*** Opening of Study material ***
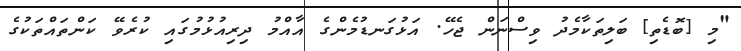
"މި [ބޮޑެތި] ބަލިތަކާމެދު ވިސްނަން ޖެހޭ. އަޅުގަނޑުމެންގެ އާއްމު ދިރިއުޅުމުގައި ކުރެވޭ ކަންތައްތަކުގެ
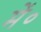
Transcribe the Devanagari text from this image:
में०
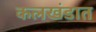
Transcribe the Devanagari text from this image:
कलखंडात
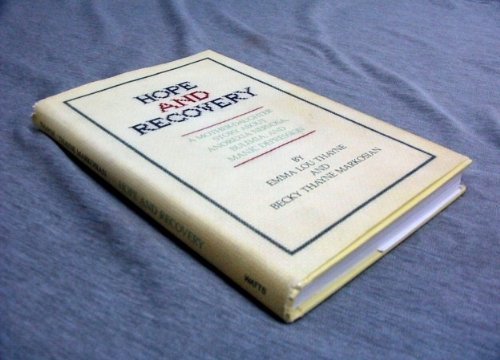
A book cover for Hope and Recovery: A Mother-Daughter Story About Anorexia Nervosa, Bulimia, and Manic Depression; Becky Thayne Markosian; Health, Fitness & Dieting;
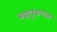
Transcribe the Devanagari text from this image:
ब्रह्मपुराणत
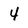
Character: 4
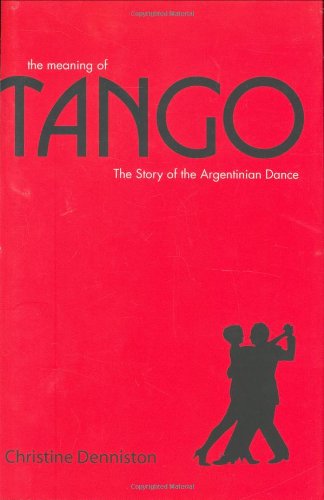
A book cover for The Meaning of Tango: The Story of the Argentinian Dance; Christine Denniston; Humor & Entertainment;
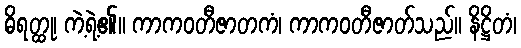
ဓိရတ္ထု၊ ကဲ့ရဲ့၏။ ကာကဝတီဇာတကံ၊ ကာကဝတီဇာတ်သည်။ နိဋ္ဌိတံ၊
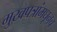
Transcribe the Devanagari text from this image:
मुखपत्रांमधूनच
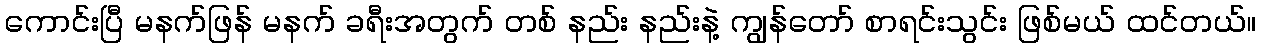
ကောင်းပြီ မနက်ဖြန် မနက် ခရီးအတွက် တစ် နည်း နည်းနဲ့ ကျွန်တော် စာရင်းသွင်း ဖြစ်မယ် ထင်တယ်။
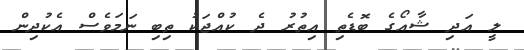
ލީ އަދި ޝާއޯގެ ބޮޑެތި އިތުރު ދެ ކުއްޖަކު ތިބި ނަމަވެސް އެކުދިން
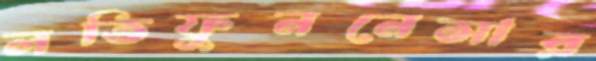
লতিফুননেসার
*** Close of Study material ***
What this task involves: Please restate word for word each line from the one containing "A book cover for Hope" to the end of the data above, without the pictures.

Solved exercise:
A book cover for Hope and Recovery: A Mother-Daughter Story About Anorexia Nervosa, Bulimia, and Manic Depression; Becky Thayne Markosian; Health, Fitness & Dieting;
Transcribe the Devanagari text from this image:
ब्रह्मपुराणत
Character: 4
A book cover for The Meaning of Tango: The Story of the Argentinian Dance; Christine Denniston; Humor & Entertainment;
ဓိရတ္ထု၊ ကဲ့ရဲ့၏။ ကာကဝတီဇာတကံ၊ ကာကဝတီဇာတ်သည်။ နိဋ္ဌိတံ၊
Transcribe the Devanagari text from this image:
मुखपत्रांमधूनच
ကောင်းပြီ မနက်ဖြန် မနက် ခရီးအတွက် တစ် နည်း နည်းနဲ့ ကျွန်တော် စာရင်းသွင်း ဖြစ်မယ် ထင်တယ်။
ލީ އަދި ޝާއޯގެ ބޮޑެތި އިތުރު ދެ ކުއްޖަކު ތިބި ނަމަވެސް އެކުދިން
লতিফুননেসার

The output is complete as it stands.